1. Create SageMaker Execution Role

The SageMaker execution role needs permissions to:

Access S3 buckets (for data and model artifacts)
Access ECR (for Docker images)
Create and manage SageMaker training jobs

Create a role with the AmazonSageMakerFullAccess managed policy, or create a custom policy with the required permissions.

# Get your role ARN
aws iam list-roles | grep SageMaker

2. Prepare Training Data

Your training data should be in the COCO format with the following structure:

dataset/
├── train/
│   ├── _annotations.coco.json
│   ├── image1.jpg
│   ├── image2.jpg
│   └── ...
├── valid/
│   ├── _annotations.coco.json
│   ├── image1.jpg
│   └── ...
└── test/ (optional)
    ├── _annotations.coco.json
    └── ...

Usage

Option 1: Quick Start (Automated)

Use the example_usage.sh script to handle everything:

# First, configure the script with your AWS details
cp scripts/example_usage.sh.template scripts/example_usage.sh
nano scripts/example_usage.sh  # Update with your AWS account info

# Then run it
./scripts/example_usage.sh

Or call the Python script directly:

python src/submit_sagemaker_job.py \
  --role-arn arn:aws:iam::YOUR_ACCOUNT_ID:role/YOUR_SAGEMAKER_ROLE \
  --s3-bucket your-sagemaker-bucket \
  --local-data-path test_data/sample \
  --epochs 50 \
  --batch-size 8 \
  --model-size large \
  --instance-type ml.p3.2xlarge \
  --volume-size 100

Note: A sample dataset is provided in test_data/sample/ for testing. For production, use your own dataset.

This will:

Build the Docker image
Push it to ECR
Upload your dataset to S3
Submit the SageMaker training job

Option 2: Manual Steps

Step 1: Build and Push Docker Image

# Get your AWS account ID and region
ACCOUNT_ID=$(aws sts get-caller-identity --query Account --output text)
REGION=$(aws configure get region)
IMAGE_NAME=rfdetr-sagemaker-training
IMAGE_TAG=latest

# Build the image
docker build -t ${IMAGE_NAME}:${IMAGE_TAG} -f Dockerfile .

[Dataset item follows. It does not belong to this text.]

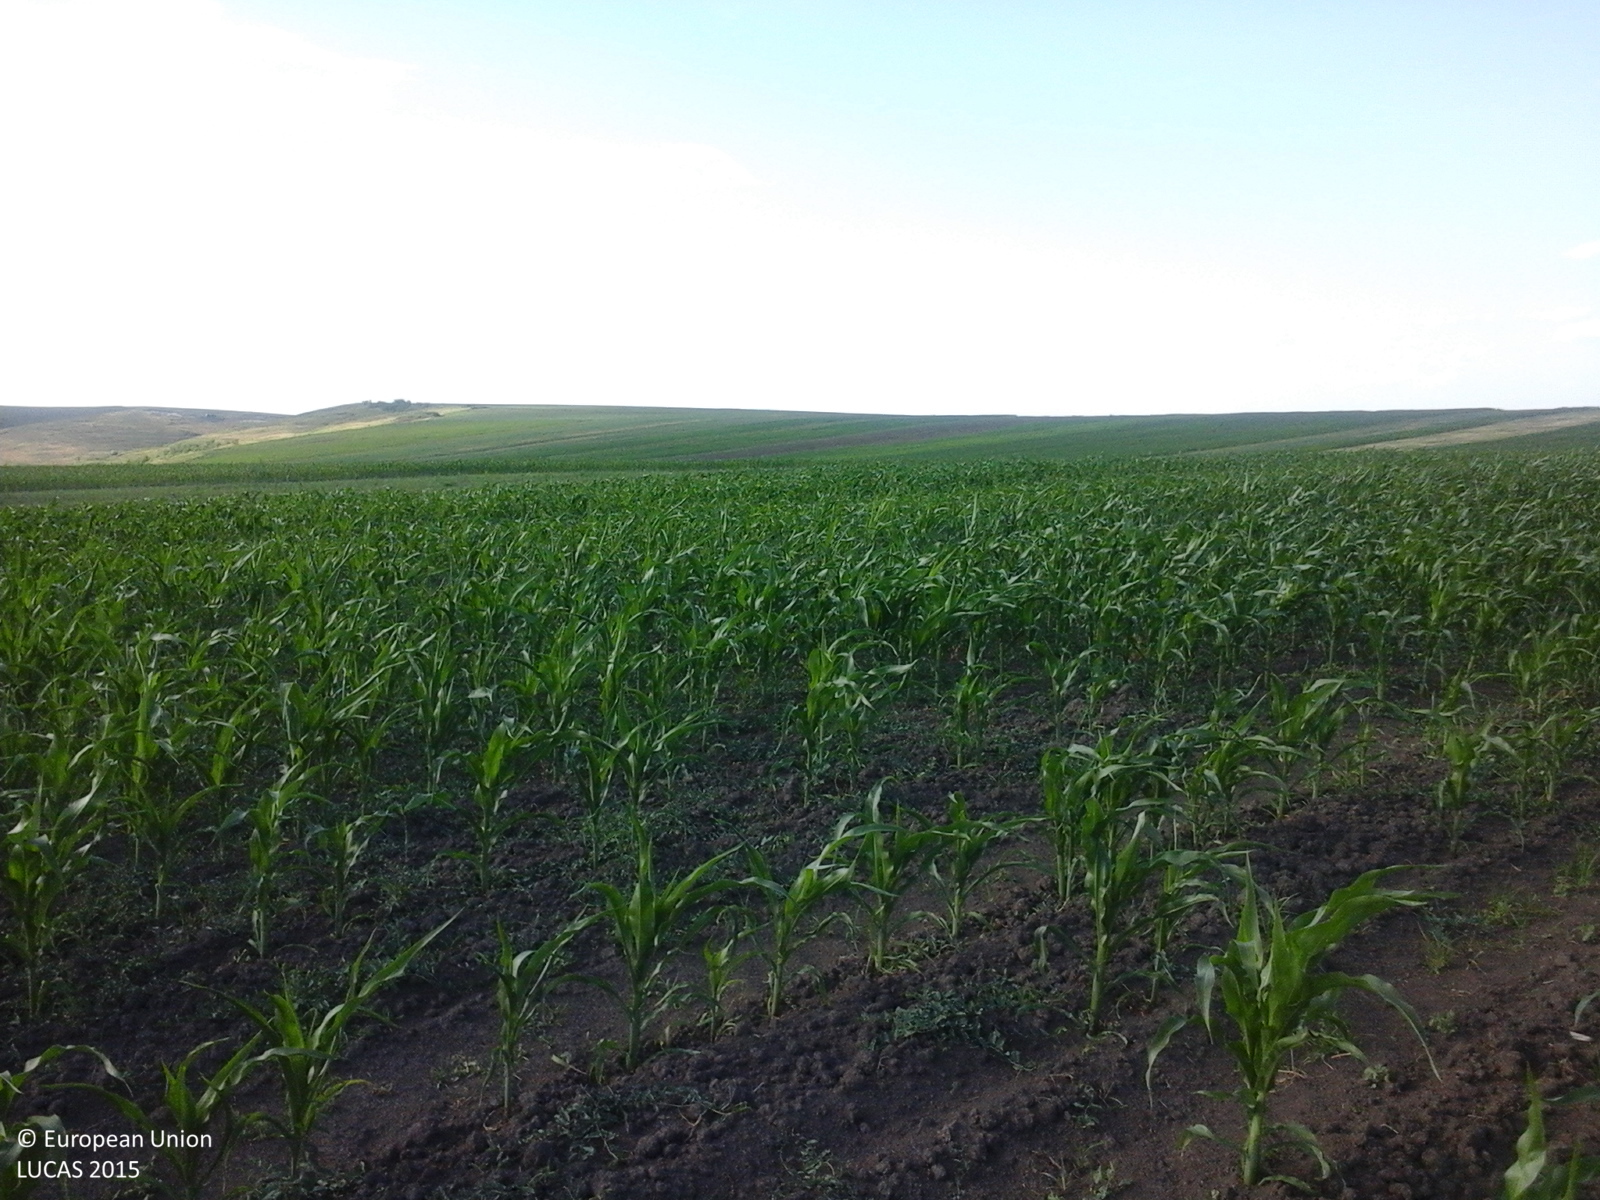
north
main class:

# Create ECR repository (if it doesn't exist)
aws ecr create-repository --repository-name ${IMAGE_NAME} --region ${REGION} || true

# Login to ECR
aws ecr get-login-password --region ${REGION} | docker login --username AWS --password-stdin ${ACCOUNT_ID}.dkr.ecr.${REGION}.amazonaws.com

# Tag and push
docker tag ${IMAGE_NAME}:${IMAGE_TAG} ${ACCOUNT_ID}.dkr.ecr.${REGION}.amazonaws.com/${IMAGE_NAME}:${IMAGE_TAG}
docker push ${ACCOUNT_ID}.dkr.ecr.${REGION}.amazonaws.com/${IMAGE_NAME}:${IMAGE_TAG}

Step 2: Upload Data to S3

aws s3 sync /path/to/your/dataset s3://your-bucket/rfdetr/training-data/

Step 3: Submit Training Job Using Python

from sagemaker.estimator import Estimator

# Configuration
role_arn = 'arn:aws:iam::YOUR_ACCOUNT_ID:role/YOUR_SAGEMAKER_ROLE'
image_uri = 'YOUR_ACCOUNT_ID.dkr.ecr.REGION.amazonaws.com/rfdetr-sagemaker-training:latest'
s3_data_path = 's3://your-bucket/rfdetr/training-data/'
s3_output_path = 's3://your-bucket/rfdetr/output/'

# Hyperparameters
hyperparameters = {
    'epochs': 50,
    'batch-size': 8,
    'grad-accum-steps': 2,
    'model-size': 'large'
}

# Create estimator
estimator = Estimator(
    image_uri=image_uri,
    role=role_arn,
    instance_count=1,
    instance_type='ml.p3.2xlarge',
    output_path=s3_output_path,
    hyperparameters=hyperparameters,
    max_run=86400,  # 24 hours
    volume_size=100  # GB
)

# Start training
estimator.fit({'training': s3_data_path})

SageMaker Instance Types

Recommended instance types for training:

ml.p3.2xlarge - 1x V100 GPU, 8 vCPUs, 61 GB RAM (~$3.83/hr)
ml.p3.8xlarge - 4x V100 GPUs, 32 vCPUs, 244 GB RAM (~$14.69/hr)
ml.p3.16xlarge - 8x V100 GPUs, 64 vCPUs, 488 GB RAM (~$28.15/hr)
ml.g4dn.xlarge - 1x T4 GPU, 4 vCPUs, 16 GB RAM (~$0.71/hr) - for testing
ml.g5.xlarge - 1x A10G GPU, 4 vCPUs, 16 GB RAM (~$1.41/hr)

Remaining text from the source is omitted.